# Pandora ONE through Tivo?



## MikeSp (Mar 2, 2010)

IF a person subscribed to Pandora One in order to get rid of commercials and obtain the 192K bandwidth to improve the sound quality, will it play the improved audio through the Tivo Premiere by selecting the Pandora icon in the Tivo menu OR and if not, would it be otherwise possible to stream Pandora One from my server via hardwired Ethernet connection to the Tivo Premiere?

Thanks,

MikeSp


----------



## rainwater (Sep 21, 2004)

High quality streams for Pandora One only work through the website and not through any other devices.


----------



## MikeSp (Mar 2, 2010)

rainwater said:


> High quality streams for Pandora One only work through the website and not through any other devices.


Does that mean that I cannot get that high bitrate through the Tivo -- I ask since my Tivo is receiving its Pandora feed directly from the Tivo Site and not through my computer although I had to go to my computer to authorize the account with the magic number provided on the Tivo -- I did not notice any change in the quality of sound but with Tivo ONE, did lose the commercials and limitations on how long it will play.

MikeSp


----------



## ttech10 (Aug 20, 2010)

rainwater said:


> High quality streams for Pandora One only work through the website and not through any other devices.


That is incorrect.

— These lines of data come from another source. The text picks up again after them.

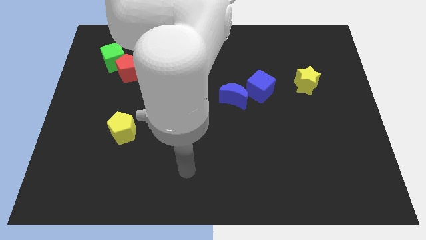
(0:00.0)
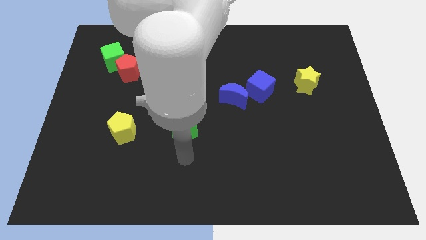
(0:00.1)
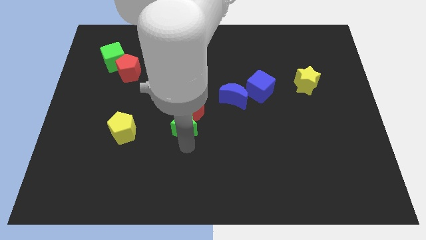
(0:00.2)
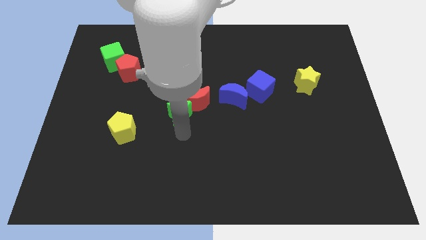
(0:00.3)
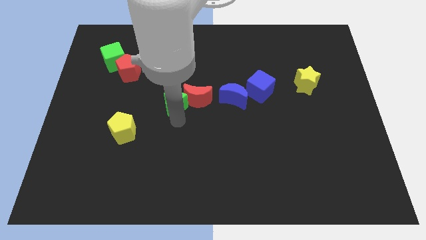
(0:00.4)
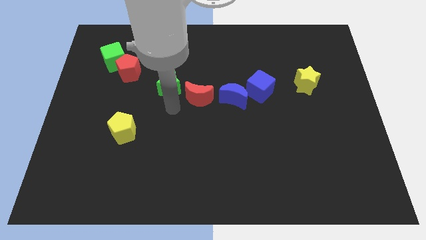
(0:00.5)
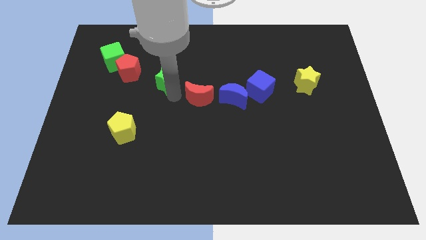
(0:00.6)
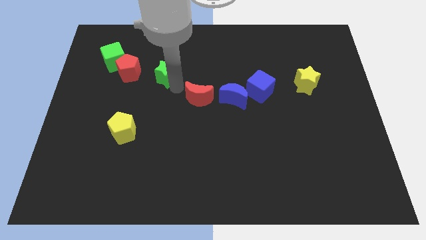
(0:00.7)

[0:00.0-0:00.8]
pull the red moon apart from the green star

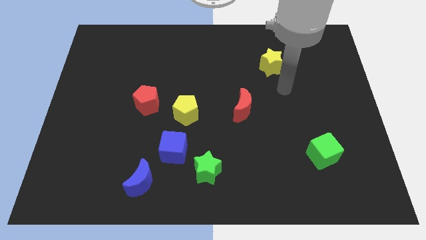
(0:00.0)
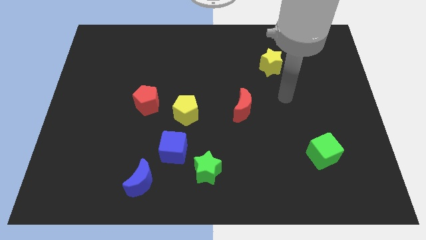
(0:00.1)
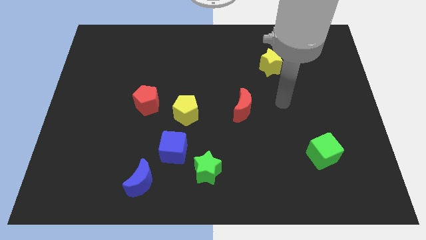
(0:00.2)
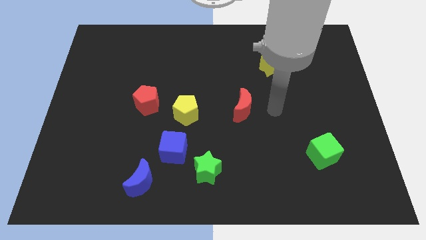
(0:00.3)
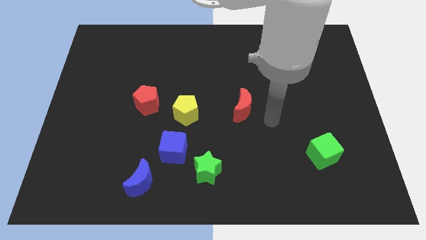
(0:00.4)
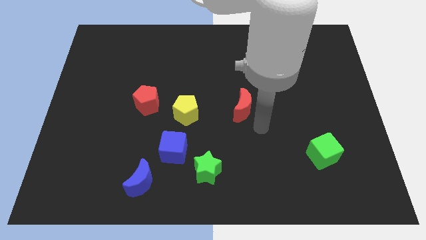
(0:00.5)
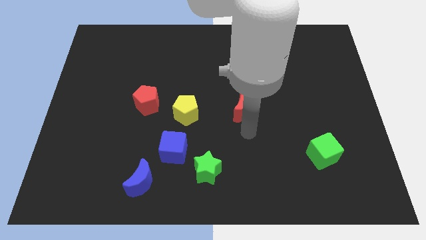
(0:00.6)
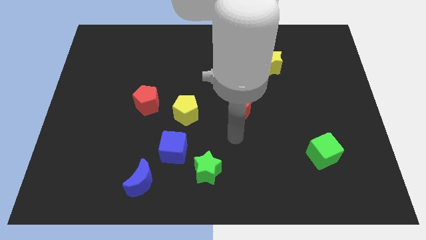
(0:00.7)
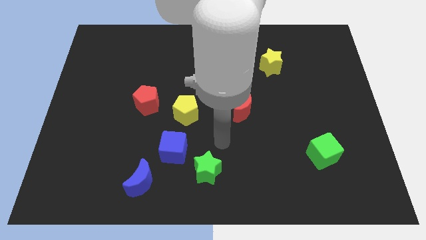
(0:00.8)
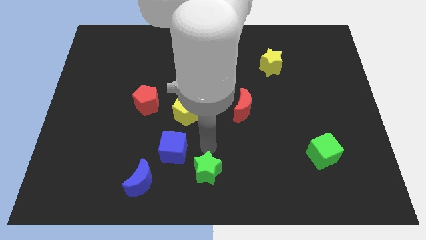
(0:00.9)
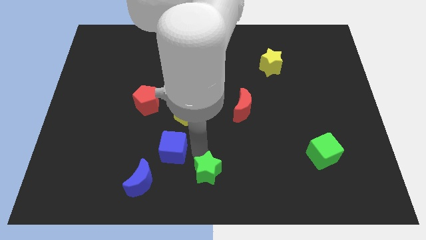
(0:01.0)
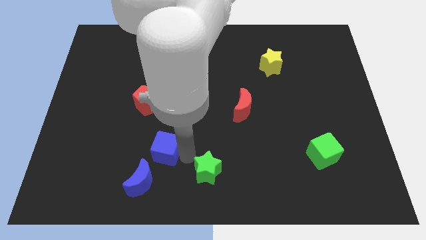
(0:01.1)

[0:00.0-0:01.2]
move the green star away from the blue cube

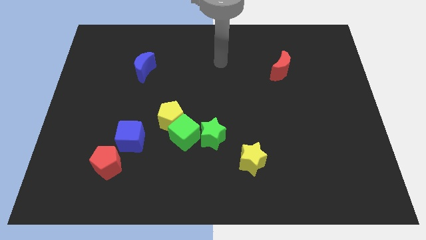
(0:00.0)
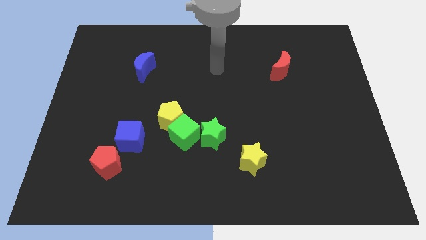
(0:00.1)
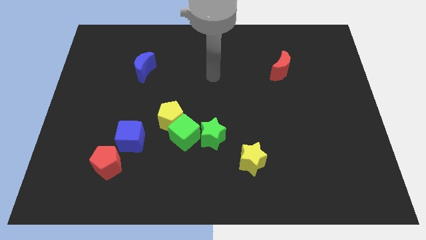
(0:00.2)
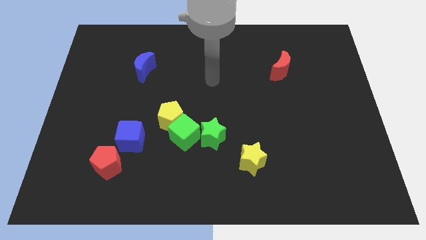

The Pandora One app for Mac you can choose either Medium Quality or High Quality streaming and the iPhone app allows "Higher Quality Audio". I'm not sure if that's actual High Quality or just better than the default.

To the OP, I'm not sure. I've read from other people that you can only get the High Quality audio on computers but have never read anything official from Pandora.


----------



## bbeck (Jun 11, 2009)

Pandora FAQ said:


> Pandora mobile apps and in-home devices currently do not support High Quality 192Kbps streams, although we're very interested in expanding High Quality audio options at some point in the future.


Link


----------



## wmcbrine (Aug 2, 2003)

So, I don't know about the high-quality streams, and I'm _not_ subscribed to Pandora One, but my TiVo Pandora experience so far is surprisingly ad-free. The same is not true on my phone, with the same account. Is anyone getting ads in Pandora on the TiVo?


----------



## rainwater (Sep 21, 2004)

ttech10 said:


> That is incorrect. The Pandora One app for Mac you can choose either Medium Quality or High Quality streaming and the iPhone app allows "Higher Quality Audio". I'm not sure if that's actual High Quality or just better than the default.
> 
> To the OP, I'm not sure. I've read from other people that you can only get the High Quality audio on computers but have never read anything official from Pandora.


Obviously the Pandora One app gets the 192Kbps streams. But none of the mobile applications or any other apps do besides the website. The "higher quality audio" option on the iPhone app is most definitely not 192kbps.


----------



## bpinter (Jan 4, 2008)

Sure wish the Pandora app on TiVo supported 192kbps. I love Pandora One for that reason. I guess for my living room music I'll have to continue running Pandora via the PS3's web browser.


----------



## steve614 (May 1, 2006)

Would you be able to even tell the difference?

I know I wouldn't.
Sucks getting old.


----------



## deandashl (Aug 8, 2008)

wmcbrine said:


> So, I don't know about the high-quality streams, and I'm _not_ subscribed to Pandora One, but my TiVo Pandora experience so far is surprisingly ad-free. The same is not true on my phone, with the same account. Is anyone getting ads in Pandora on the TiVo?


Yes.

It took a while. But we were playing board games with Pandora on a while ago, and we got a few Best Buy commercials.


----------